Allah'la kitabı, kitapla peygamberi, peygamberle ümmetini birbirinden uzaklaştırmaya çabalıyorlar. Bunda başarılı olmak için de; tevhidin iki temel kabulünü "Allah bir ve Muhammed (s.a.v.) Allah'ın son elçisi" birbirinden ayırmaya çalışıyorlar.
Kur'an-ı Kerim;
Hz. Muhammed'in son elçi olduğunu, onsuz imanın olmayacağını açıkça ilan ediyor. Hatta;
Resulullah'a itaat edenin Yüce Allah'a itaat etmiş sayılacağını da hatırlatıyor.
Bu yazıda elbette ki, Hz.
Peygamber'in (s.a.v.) Kur'an'daki yüce makamını anlatacak değilim. O, malumun ilamı olur.
Bizim yapmamız gereken şey, sahabe hassasiyetini doğru kaynaklardan alıp gençlerimize iletmek.
Boş ve gereksiz tartışmalardan onları uzaklaştırıp hayatlarına ve beklentilerine değecek alanlara onları yönlendirmek. Neticede gençler, bizden hayatı, varlığı ile yaratıcısı arasındaki bağı kendilerine kirletilmiş bilgilerden uzak bir formda sunmamızı bekliyorlar. Gençler ruh dünyalarının birer denek gibi görülüp safiyetten uzak bilgilerle dolmasını istemiyorlar.
Sabahtan akşama kadar sürekli olarak sünneti, Hz. Peygamber'in yetkinliğini, Hz. Peygamber'in mucizelerini, kaderi, helal ve haramı inkâr edip didinen ilahiyatçıların gençlerin dünyalarına müspet bir katkısının olmayacağı ortada.

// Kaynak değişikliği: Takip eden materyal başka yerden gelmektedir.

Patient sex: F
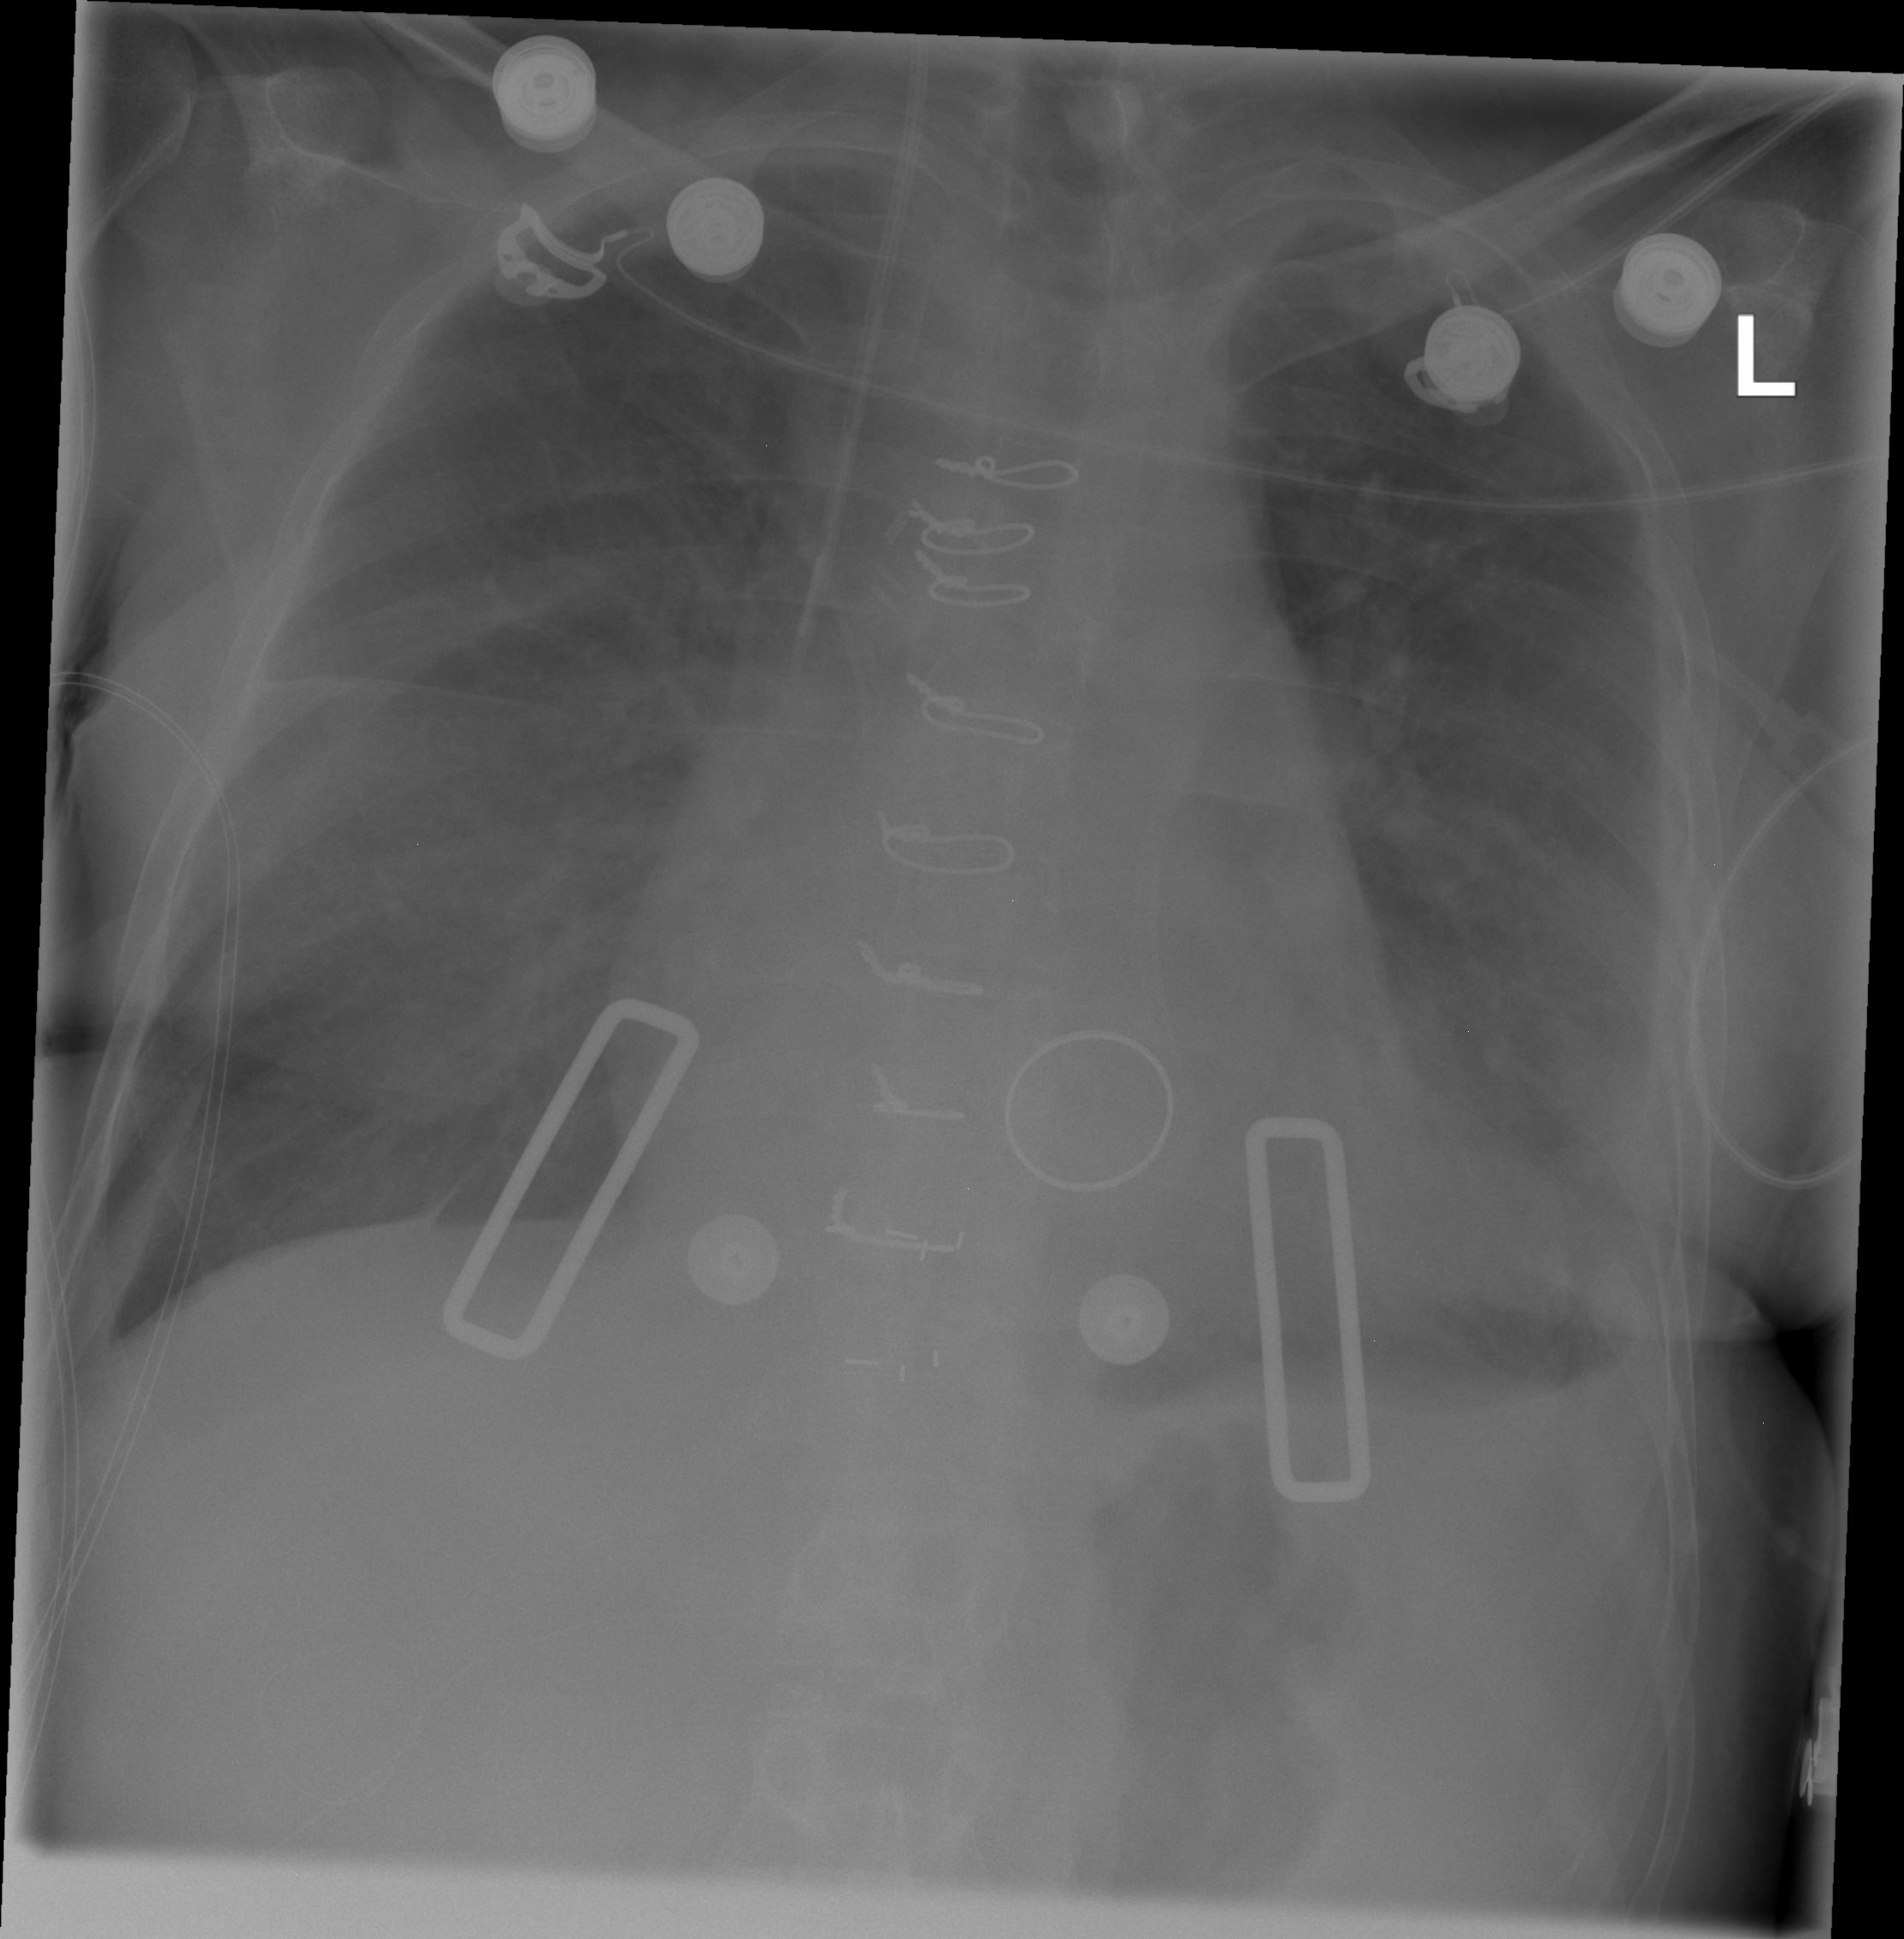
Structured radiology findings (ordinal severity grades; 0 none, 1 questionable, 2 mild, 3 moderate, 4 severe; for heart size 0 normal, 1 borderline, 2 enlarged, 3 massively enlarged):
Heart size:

Böyle bir gayretkeşlik insanımızı dini kabullerden ve kutsallardan uzaklaştırmakla kalmaz, önlerinde kendilerini dinlerine bağlayan bütün ilmikleri de çözer.
Ahiret inancı, ibadet hayatı, Allah'a ve peygamberine bağlılık, hesap ve mükafat gerçeği gibi hayatın temel anlamından uzaklaşan bir insan ne ile hayata devam edecek?
EFENDİMİZ BUYURDU
Ölüp de miras bırakan kişinin bıraktığı miras mirasçılarınadır. Onlar arasında paylaşılmalıdır. Ölüp de borç bırakan kişinin o borcu da benim boynumadır. Onun yerine ben ödeyeceğim.
ALLAH'I AN İNSANLARI ANMA
Hz. Ömer şöyle dedi; 'Yüce Allah'ı bol bol konuşun. Sohbetlerinizin temel konusu yapın. Anın. Zira Allah'ı anmak şifadır.
İnsanları konu edinip konuşmaktan sakının. Zira insanları konu alıp bol bol konuşmak hastalıktır.
İnsanları konu edindiğinizde gıybetten kurtulamazsınız.
Gıybet ise, ateşin odunu yakıp tükettiği gibi iyilikleri yakıp tüketir.